Multivariable Calculus Online

 

The Structure of the Textbook 

Although the day-to-day experiences of students are similar to that of traditional courses, Multivariable Calculus Online differs from a traditional multivariable textbook in many ways.  This differences are due both to the desire for meaningful uses of technology and the increased need for coherence and continuity in the organization of the course.

For example, quadric surfaces usually occur near the beginning of a traditional textbook, and the emphasis is usually on what types of quadratic equations lead to which types of surfaces.  In our textbook, quadric surfaces are placed in the third chapter, where they are introduced as level surfaces that are related to certain parametric surfaces. This placement allows more meaningful uses of technology than would have been possible had quadric surfaces been placed any earlier.

(Adapted from an applet by Martin Kraus)

We have found that relocating elementary topics like quadric surfaces, polar coordinates, and cylindrical coordinates so that they occur after the introduction of the partial derivative allows them to be discussed more substantively.  This can be seen in the contents of the textbook, which is divided into five chapters with an optional “capstone”:

  1. Vector-Valued Functions:  Vectors, dot product, cross product, parameterized curves, velocity, speed, acceleration, arclength, unit tangent vector, unit normal vector, and curvature.
  2. Functions of 2 Variables:  Graphs, domains, limits, partial derivatives, partial differential equations, differentiability, tangent planes, the chain rule, gradients and level curves, directional derivatives, optimization, and Lagrange Multipliers.
  3. Surfaces and Transformations: Level surfaces, tangent planes, parametric surfaces, coordinate transformations, the Jacobian, polar coordinates, cylindrical coordinates, spherical coordinates, the unit surface normal, geodesics, the fundamental form, and curvature of a surface.
  4. Multiple Integrals:  Iterated integrals, the double integral, applications, change of variable, integration in polar coordinates, triple integrals, integration in spherical and cylindrical coordinates.
  5. Fundamental Theorems:  Vector fields, divergence, curl, line integrals, potentials, fundamental theorem for line integrals, Green’s theorem, the Divergence theorem, Stoke’s theorem, Stoke’s theorem for differential forms.
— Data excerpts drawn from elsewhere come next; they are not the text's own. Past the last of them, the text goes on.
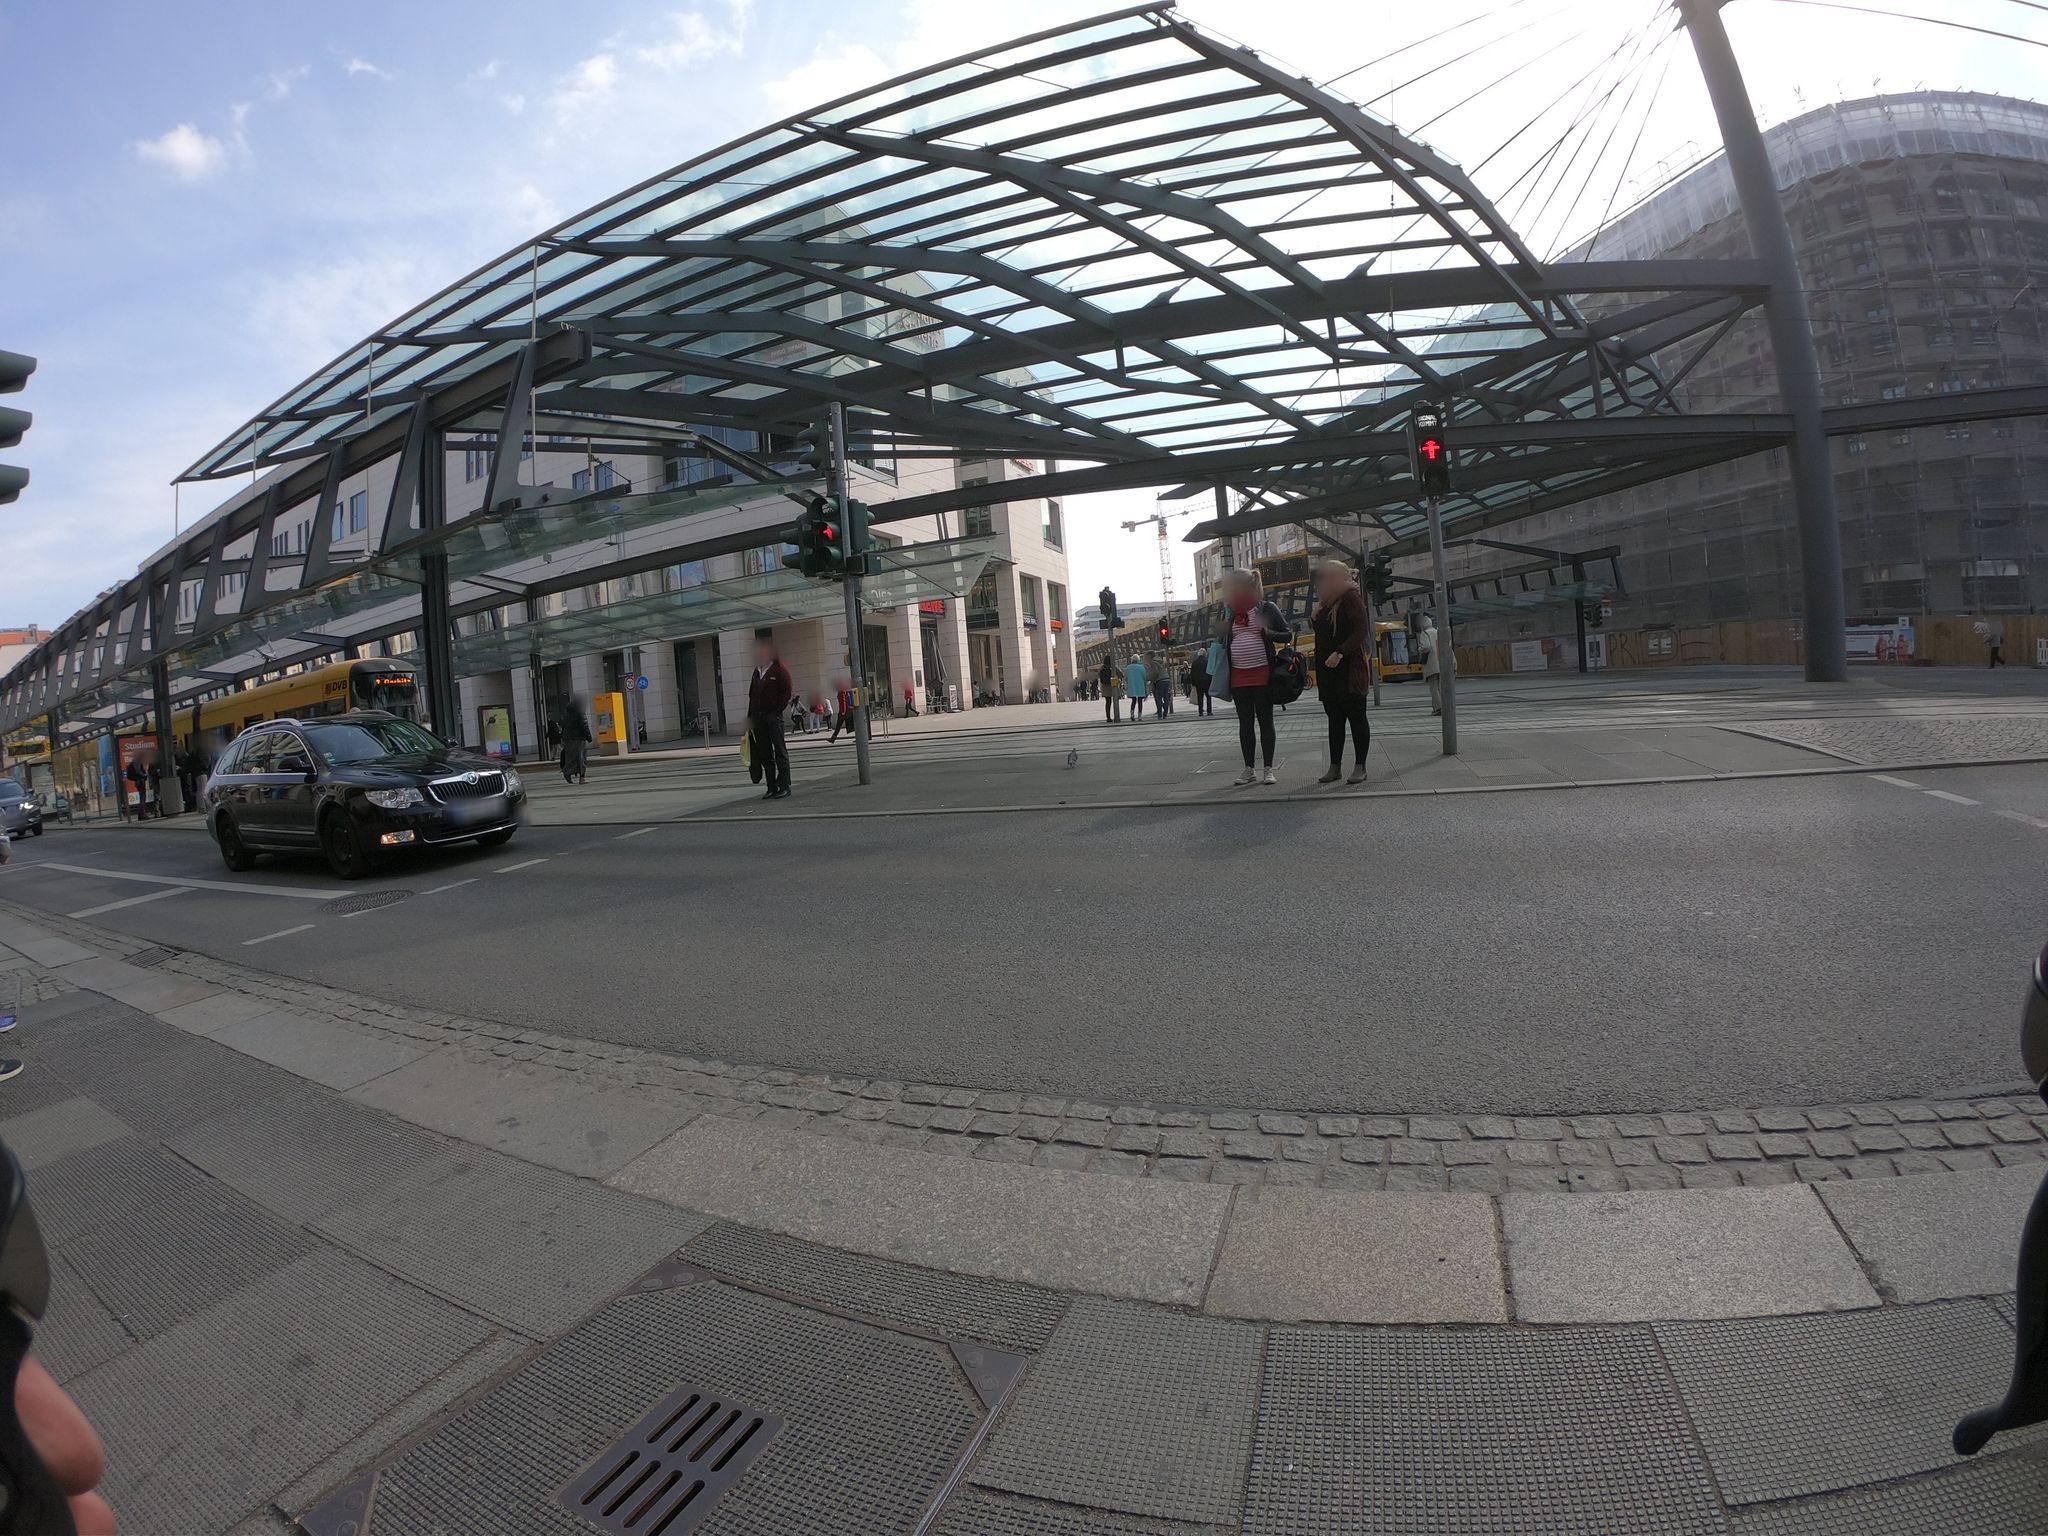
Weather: clear
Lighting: day
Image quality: good
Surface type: cycling surface
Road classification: footway, pedestrian
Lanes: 1
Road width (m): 4
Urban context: urban centre
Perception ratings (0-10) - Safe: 6.7, Lively: 7.3, Beautiful: 6.36, Boring: 5.26, Depressing: 3.62, Wealthy: 6.01
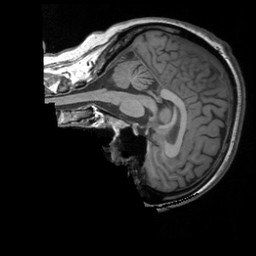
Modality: T1w
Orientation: sagittal
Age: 56
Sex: female
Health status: ill
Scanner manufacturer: siemens
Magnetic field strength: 3 T
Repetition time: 1.9 s
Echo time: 0.00247 s
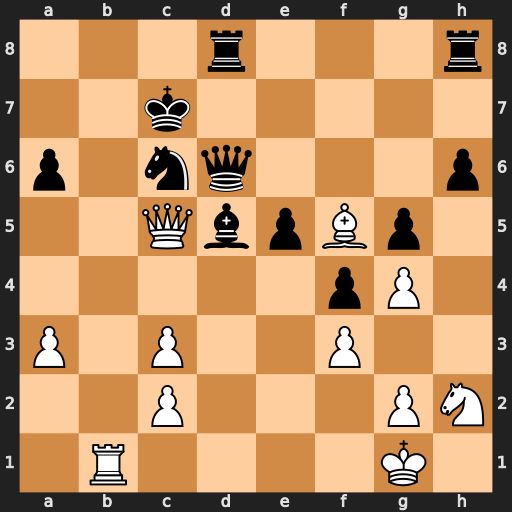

Chapters 1, 2, 4, and 5 are familiar to anyone who has taught multivariable calculus, but chapter 3 is different for the reason mentioned above.  Moreover, chapter 3 also contains a discussion of coordinate transformations and the Jacobian, thus preparing students for the theorem in chapter 4 on the change of variables in multiple integrals. 

There are also many new topics, as well as new applications and new insights into familiar topics.  However, our experience is that the pace of the course is similar to that of a traditional course, in that most instructors will be able to finish the text or at least get to Green’s theorem without the course seeming to be hurried or overly demanding.